* **ABOUT THIS EXERCISE**
All of the records should be reproduced word for word, but no images may appear in the copy.

* **DATA IN THIS EXERCISE**
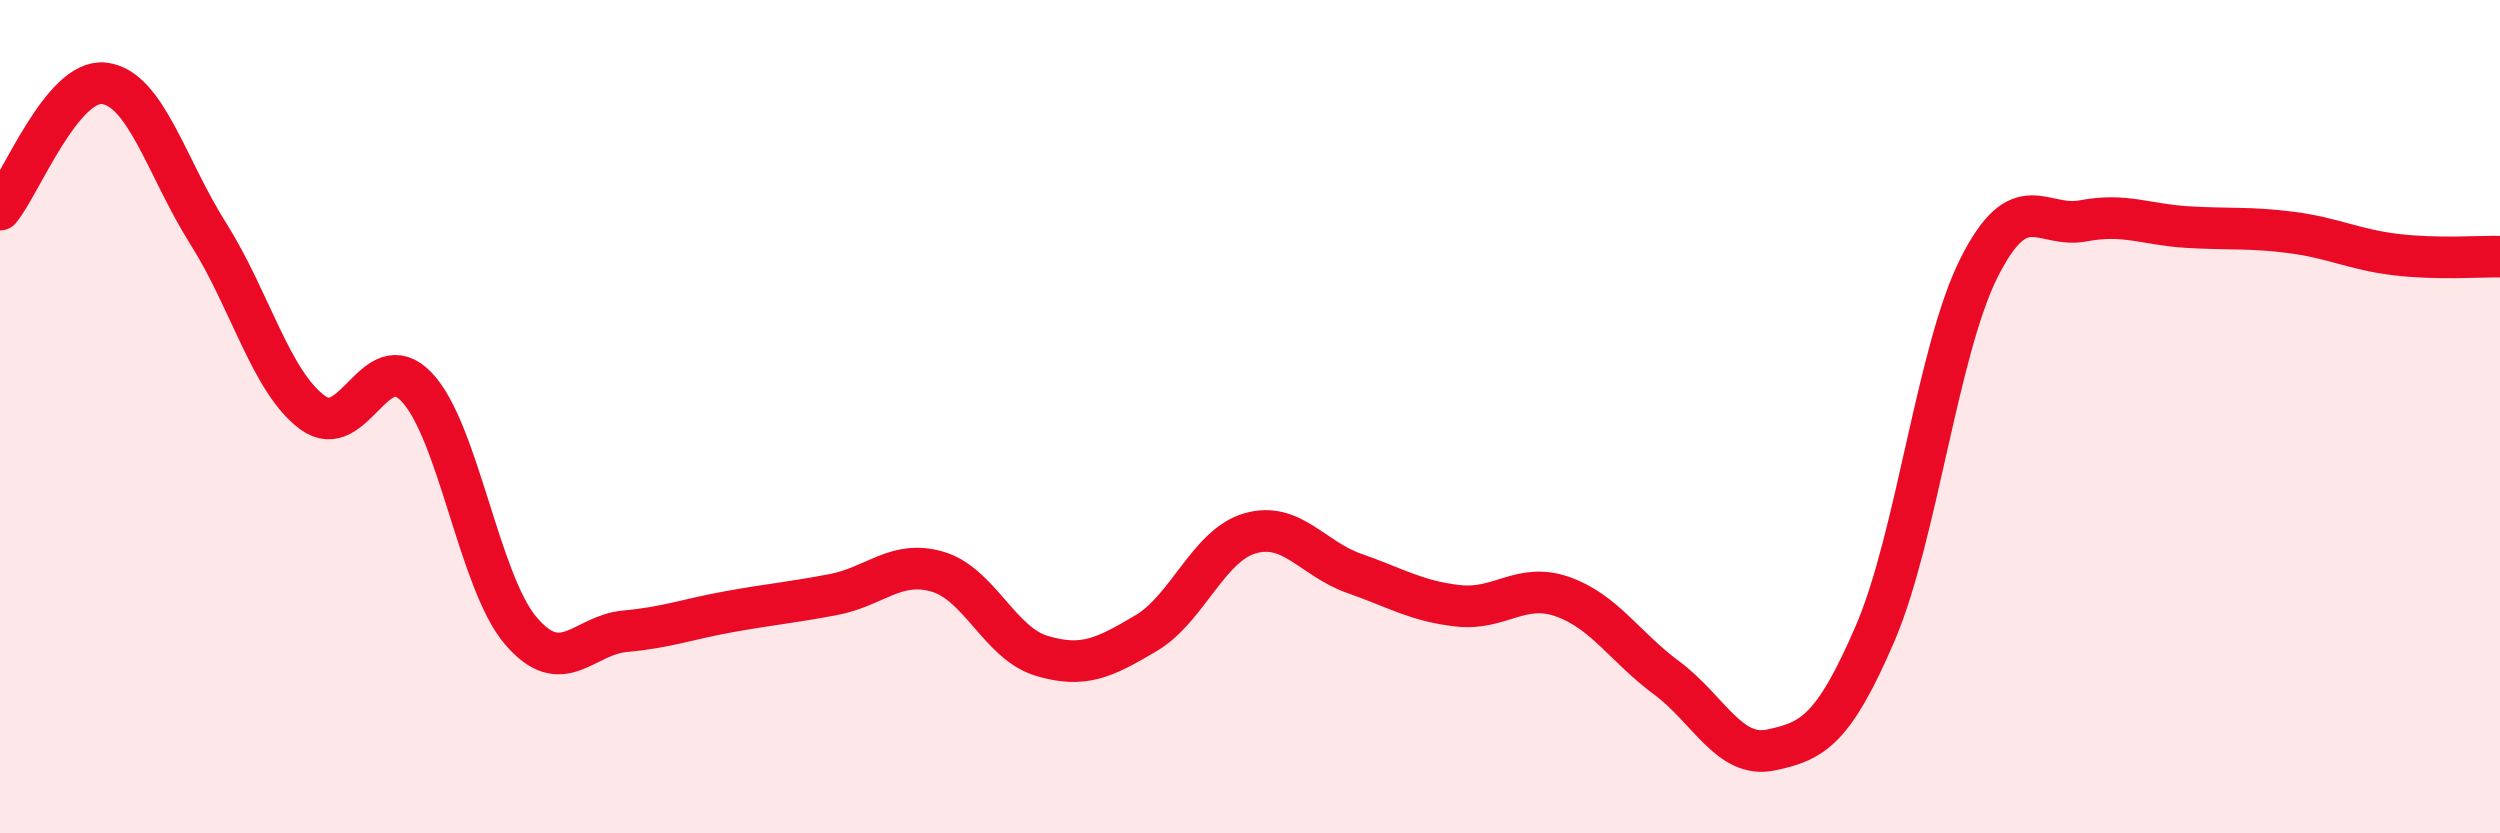 
    <svg width="60" height="20" viewBox="0 0 60 20" xmlns="http://www.w3.org/2000/svg">
      <path
        d="M 0,5.03 C 0.5,4.42 1.5,1.88 2.5,2 C 3.5,2.12 4,4.03 5,5.61 C 6,7.19 6.5,9.16 7.5,9.9 C 8.5,10.64 9,8.24 10,9.29 C 11,10.34 11.5,13.97 12.5,15.14 C 13.5,16.31 14,15.24 15,15.15 C 16,15.06 16.5,14.86 17.5,14.68 C 18.5,14.5 19,14.46 20,14.27 C 21,14.08 21.5,13.43 22.5,13.72 C 23.5,14.01 24,15.44 25,15.74 C 26,16.04 26.5,15.79 27.5,15.2 C 28.5,14.61 29,13.09 30,12.8 C 31,12.51 31.5,13.41 32.5,13.76 C 33.5,14.11 34,14.43 35,14.54 C 36,14.65 36.5,13.97 37.5,14.32 C 38.5,14.67 39,15.53 40,16.27 C 41,17.01 41.5,18.21 42.5,18 C 43.5,17.79 44,17.53 45,15.21 C 46,12.89 46.5,8.4 47.5,6.42 C 48.5,4.44 49,5.49 50,5.3 C 51,5.11 51.5,5.39 52.5,5.45 C 53.5,5.51 54,5.45 55,5.58 C 56,5.71 56.5,5.99 57.5,6.11 C 58.5,6.23 59.5,6.15 60,6.16L60 20L0 20Z"
        fill="#EB0A25"
        opacity="0.1"
        stroke-linecap="round"
        stroke-linejoin="round"
      />
      <path
        d="M 0,5.03 C 0.5,4.42 1.5,1.88 2.5,2 C 3.5,2.12 4,4.03 5,5.61 C 6,7.19 6.5,9.16 7.5,9.9 C 8.5,10.64 9,8.24 10,9.29 C 11,10.34 11.5,13.97 12.5,15.14 C 13.5,16.31 14,15.24 15,15.15 C 16,15.06 16.5,14.86 17.5,14.68 C 18.5,14.5 19,14.46 20,14.27 C 21,14.08 21.5,13.43 22.5,13.72 C 23.5,14.01 24,15.44 25,15.74 C 26,16.04 26.5,15.79 27.5,15.2 C 28.5,14.61 29,13.09 30,12.8 C 31,12.51 31.5,13.41 32.5,13.76 C 33.5,14.11 34,14.43 35,14.54 C 36,14.65 36.5,13.97 37.5,14.32 C 38.5,14.67 39,15.53 40,16.27 C 41,17.01 41.5,18.21 42.5,18 C 43.5,17.79 44,17.53 45,15.21 C 46,12.89 46.5,8.4 47.5,6.42 C 48.5,4.44 49,5.49 50,5.3 C 51,5.11 51.5,5.39 52.5,5.45 C 53.5,5.51 54,5.45 55,5.58 C 56,5.71 56.5,5.99 57.5,6.11 C 58.5,6.23 59.5,6.15 60,6.16"
        stroke="#EB0A25"
        stroke-width="1"
        fill="none"
        stroke-linecap="round"
        stroke-linejoin="round"
      />
    </svg>
  
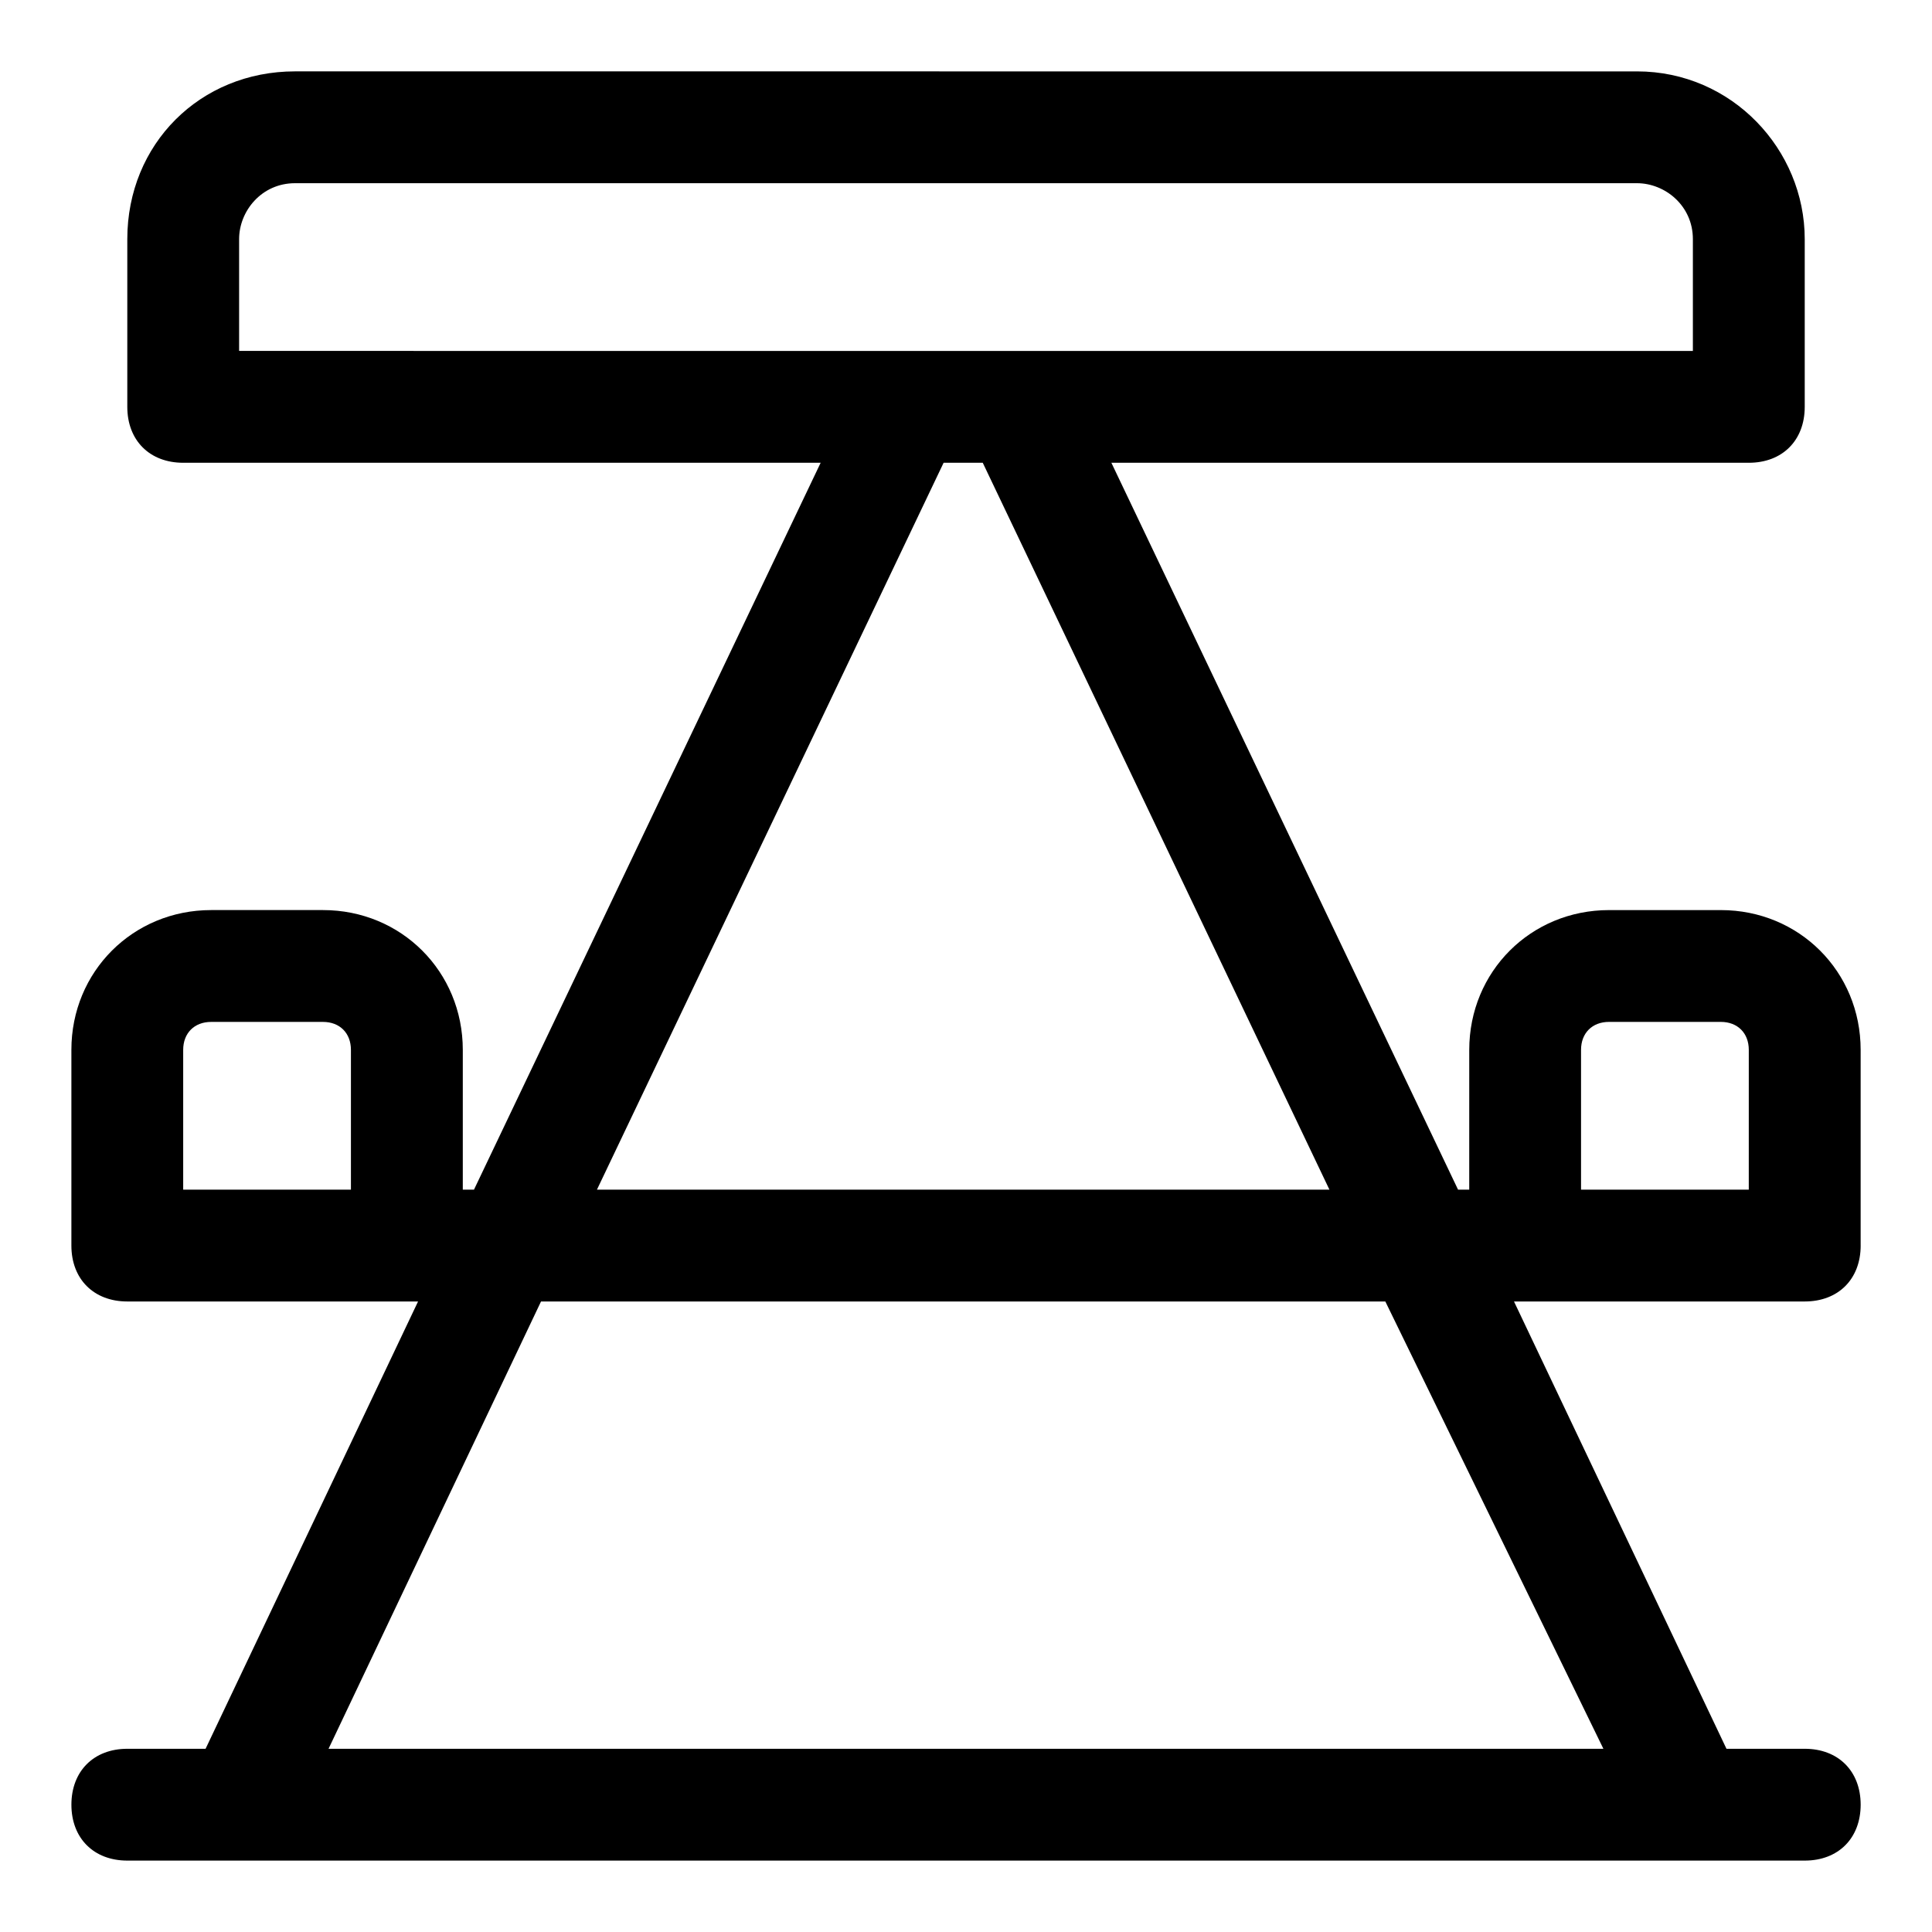 <?xml version="1.0" encoding="UTF-8"?>
<!-- Uploaded to: ICON Repo, www.svgrepo.com, Generator: ICON Repo Mixer Tools -->
<svg fill="#000000" width="800px" height="800px" version="1.1" viewBox="144 144 512 512" xmlns="http://www.w3.org/2000/svg">
 <path d="m637.09 474.09v-51.863c0-20.746-16.301-37.043-37.043-37.043h-29.637c-20.746 0-37.043 16.301-37.043 37.043l-0.004 37.043h-2.965l-91.871-192.63h168.93c8.891 0 14.816-5.926 14.816-14.816v-44.453c0-23.707-19.262-44.453-44.453-44.453h-131.88-1.48-1.48l-220.79-0.004c-25.191 0-44.453 19.266-44.453 44.457v44.453c0 8.891 5.926 14.816 14.816 14.816h168.93l-91.871 192.63h-2.965v-37.043c0-20.746-16.301-37.047-37.043-37.047h-29.637c-20.746 0-37.047 16.301-37.047 37.047v51.863c0 8.891 5.926 14.816 14.816 14.816h77.055l-56.309 118.54h-20.742c-8.891 0-14.816 5.926-14.816 14.816s5.926 14.816 14.816 14.816h444.54c8.891 0 14.816-5.926 14.816-14.816s-5.926-14.816-14.816-14.816h-20.746l-56.309-118.54h77.051c8.891 0 14.82-5.926 14.82-14.816zm-400.09-14.82h-44.453v-37.043c0-4.445 2.965-7.41 7.41-7.41h29.637c4.445 0 7.406 2.965 7.406 7.41zm-29.633-222.27v-29.633c0-7.41 5.926-14.816 14.816-14.816h355.63c7.41 0 14.816 5.926 14.816 14.816v29.637zm186.7 29.637h10.371l91.871 192.63h-194.11zm174.85 340.81h-337.85l56.309-118.54h223.75zm38.527-148.18h-44.453v-37.043c0-4.445 2.965-7.41 7.41-7.41h29.637c4.445 0 7.41 2.965 7.41 7.41z"/>
</svg>

* **TASK OUTPUT**
    <svg width="60" height="20" viewBox="0 0 60 20" xmlns="http://www.w3.org/2000/svg">
      <path
        d="M 0,5.03 C 0.5,4.42 1.5,1.88 2.5,2 C 3.5,2.12 4,4.03 5,5.61 C 6,7.19 6.5,9.16 7.5,9.9 C 8.5,10.64 9,8.24 10,9.29 C 11,10.34 11.5,13.97 12.5,15.14 C 13.5,16.31 14,15.24 15,15.15 C 16,15.06 16.5,14.86 17.5,14.68 C 18.5,14.5 19,14.46 20,14.27 C 21,14.08 21.5,13.43 22.5,13.72 C 23.5,14.01 24,15.44 25,15.74 C 26,16.04 26.5,15.79 27.5,15.2 C 28.5,14.61 29,13.09 30,12.8 C 31,12.51 31.5,13.41 32.5,13.76 C 33.5,14.11 34,14.43 35,14.54 C 36,14.65 36.5,13.97 37.5,14.32 C 38.5,14.67 39,15.53 40,16.27 C 41,17.01 41.5,18.21 42.5,18 C 43.5,17.79 44,17.53 45,15.21 C 46,12.89 46.5,8.4 47.5,6.42 C 48.5,4.44 49,5.49 50,5.3 C 51,5.11 51.5,5.39 52.5,5.45 C 53.5,5.51 54,5.45 55,5.58 C 56,5.71 56.5,5.99 57.5,6.11 C 58.5,6.23 59.5,6.15 60,6.16L60 20L0 20Z"
        fill="#EB0A25"
        opacity="0.1"
        stroke-linecap="round"
        stroke-linejoin="round"
      />
      <path
        d="M 0,5.03 C 0.5,4.42 1.5,1.88 2.5,2 C 3.5,2.12 4,4.03 5,5.61 C 6,7.19 6.5,9.16 7.5,9.9 C 8.5,10.64 9,8.24 10,9.29 C 11,10.34 11.5,13.97 12.5,15.14 C 13.5,16.31 14,15.24 15,15.15 C 16,15.06 16.5,14.86 17.5,14.68 C 18.5,14.5 19,14.46 20,14.27 C 21,14.08 21.5,13.43 22.5,13.72 C 23.5,14.01 24,15.44 25,15.74 C 26,16.04 26.5,15.79 27.5,15.2 C 28.5,14.61 29,13.09 30,12.8 C 31,12.51 31.5,13.41 32.5,13.76 C 33.5,14.11 34,14.43 35,14.54 C 36,14.65 36.5,13.97 37.5,14.32 C 38.5,14.67 39,15.53 40,16.27 C 41,17.01 41.5,18.21 42.5,18 C 43.5,17.79 44,17.53 45,15.21 C 46,12.89 46.5,8.4 47.5,6.42 C 48.5,4.44 49,5.49 50,5.3 C 51,5.11 51.5,5.39 52.5,5.45 C 53.5,5.51 54,5.45 55,5.58 C 56,5.71 56.5,5.99 57.5,6.11 C 58.5,6.23 59.5,6.15 60,6.16"
        stroke="#EB0A25"
        stroke-width="1"
        fill="none"
        stroke-linecap="round"
        stroke-linejoin="round"
      />
    </svg>
  
 <?xml version="1.0" encoding="UTF-8"?>
<!-- Uploaded to: ICON Repo, www.svgrepo.com, Generator: ICON Repo Mixer Tools -->
<svg fill="#000000" width="800px" height="800px" version="1.1" viewBox="144 144 512 512" xmlns="http://www.w3.org/2000/svg">
 <path d="m637.09 474.09v-51.863c0-20.746-16.301-37.043-37.043-37.043h-29.637c-20.746 0-37.043 16.301-37.043 37.043l-0.004 37.043h-2.965l-91.871-192.63h168.93c8.891 0 14.816-5.926 14.816-14.816v-44.453c0-23.707-19.262-44.453-44.453-44.453h-131.88-1.48-1.48l-220.79-0.004c-25.191 0-44.453 19.266-44.453 44.457v44.453c0 8.891 5.926 14.816 14.816 14.816h168.93l-91.871 192.63h-2.965v-37.043c0-20.746-16.301-37.047-37.043-37.047h-29.637c-20.746 0-37.047 16.301-37.047 37.047v51.863c0 8.891 5.926 14.816 14.816 14.816h77.055l-56.309 118.54h-20.742c-8.891 0-14.816 5.926-14.816 14.816s5.926 14.816 14.816 14.816h444.54c8.891 0 14.816-5.926 14.816-14.816s-5.926-14.816-14.816-14.816h-20.746l-56.309-118.54h77.051c8.891 0 14.82-5.926 14.82-14.816zm-400.09-14.82h-44.453v-37.043c0-4.445 2.965-7.41 7.41-7.41h29.637c4.445 0 7.406 2.965 7.406 7.41zm-29.633-222.27v-29.633c0-7.41 5.926-14.816 14.816-14.816h355.63c7.41 0 14.816 5.926 14.816 14.816v29.637zm186.7 29.637h10.371l91.871 192.63h-194.11zm174.85 340.81h-337.85l56.309-118.54h223.75zm38.527-148.18h-44.453v-37.043c0-4.445 2.965-7.41 7.41-7.41h29.637c4.445 0 7.41 2.965 7.41 7.41z"/>
</svg>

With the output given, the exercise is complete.